3 a diagram showing the inverse gate current as a function of the gate-source voltage in the off state of a semiconductor switching element, and

4 a diagram showing the temperature-dependent determination of the inverse gate current in dependence on the voltage range used for the measurement of the gate-source voltage.

1 shows an embodiment of a circuit arrangement according to the invention 20 for driving a junction field effect transistor 10 , For example, the junction field effect transistor may be 10 to act a silicon carbide field effect transistor (SiC-JFET). The junction field effect transistor 10 includes a control terminal G (gate) and a first main terminal D (drain) and a second main terminal S (source). Between the first main terminal D and the second main terminal S, a channel is formed, through which a current can flow when the junction field effect transistor 10 is switched on. A between the second main terminal (S) and the first main terminal (D) existing body diode is with 11 characterized.

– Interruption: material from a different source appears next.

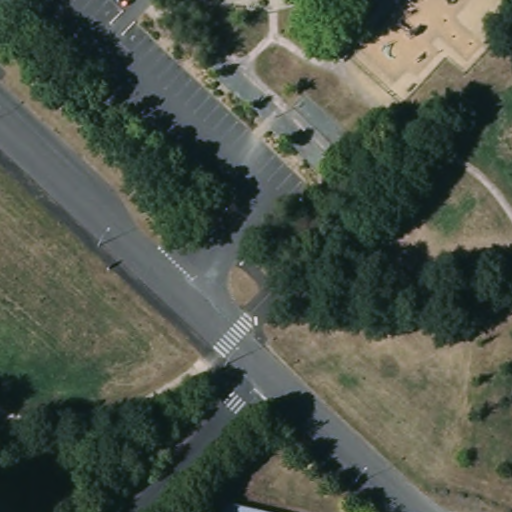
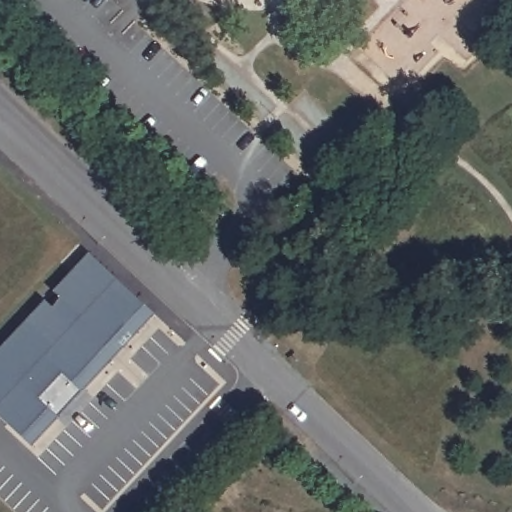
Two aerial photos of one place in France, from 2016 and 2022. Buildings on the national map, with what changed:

For example, the control terminal G of the junction field effect transistor is connected to a p-type region disposed in an n-type (substrate) material. The p-type region forms a p-n diode to the n-type material of the junction field effect transistor. A junction field effect transistor (JFET) is a semiconductor switching element which is turned on without a drive signal. Such a device is referred to as a "normally-on" semiconductor switching element. In order to prevent a current from flowing through the channel, it is necessary to apply a negative voltage to the control terminal G with respect to the second main terminal S to turn off the semiconductor switching element.

The circuit arrangement described in more detail below in detail 20 allows the determination of the temperature at the above-mentioned pn junction, ie the gate-source diode. In this case, the temperature during operation of the semiconductor switching element can be determined.

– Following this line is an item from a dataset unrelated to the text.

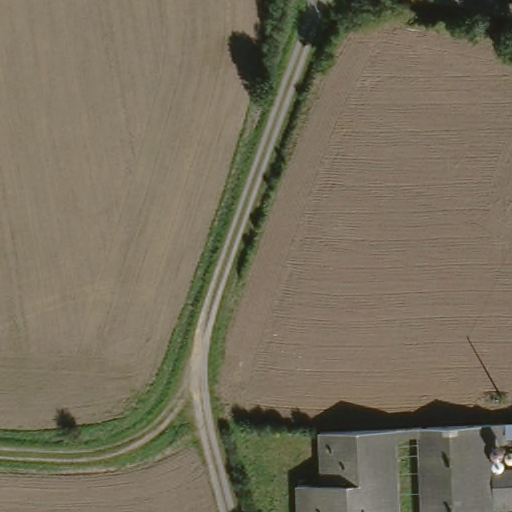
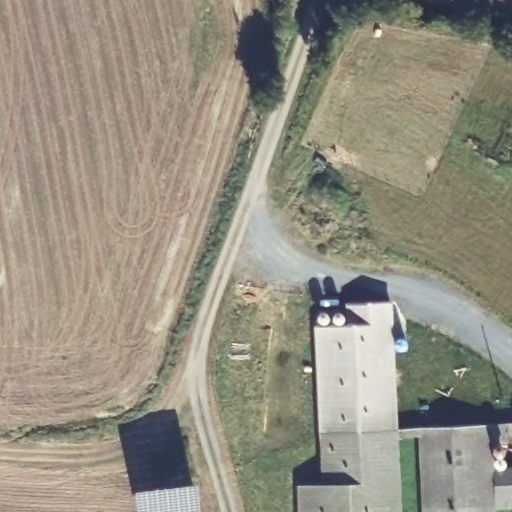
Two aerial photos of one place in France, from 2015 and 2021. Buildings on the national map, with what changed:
new [(316,327),(348,324),(348,304),(389,302),(396,434),(318,439),(316,327)]
unchanged [(414,432),(505,428),(507,471),(512,470),(512,512),(419,512),(414,432)]
unchanged [(295,491),(320,488),(318,439),(396,434),(400,512),(296,512),(295,491)]

The circuit arrangement 20 includes a unit 21 for the detection of a desaturation, a fault memory 22 , one unity 23 for current detection and evaluation, a switching element 24 , a driver 25 , a gate 26 and a drive signal generating microprocessor 28 , The drive signal is a pulse width modulated signal (PWM signal) supplied by the microprocessor 28 is delivered. About the gate 26 , the input side further with an output of the fault memory 22 is connected, the PWM signal via the switching element 24 and the unit 23 for current detection and evaluation to the control terminal G of the junction field effect transistor 10 is applied, whereby the junction field effect transistor according to the drive signal is alternately turned off and turned on.

The unit 23 for current detection and evaluation is connected between the control terminal G and the second main terminal S. In the usual way is a resistance 27 (Gate resistance) between the unit 23 provided for current detection and evaluation and the control terminal G. The unit 21 for the detection of desaturation is connected to the first main terminal D (drain terminal). The unit 21 for detecting a desaturation detects which state (blocking or conducting) of the junction field effect transistor 10 having. This information is used to control the switching element 24 used. The switching element 24 is open when the junction field effect transistor 10 is switched off (ie JFET = OFF or OFF).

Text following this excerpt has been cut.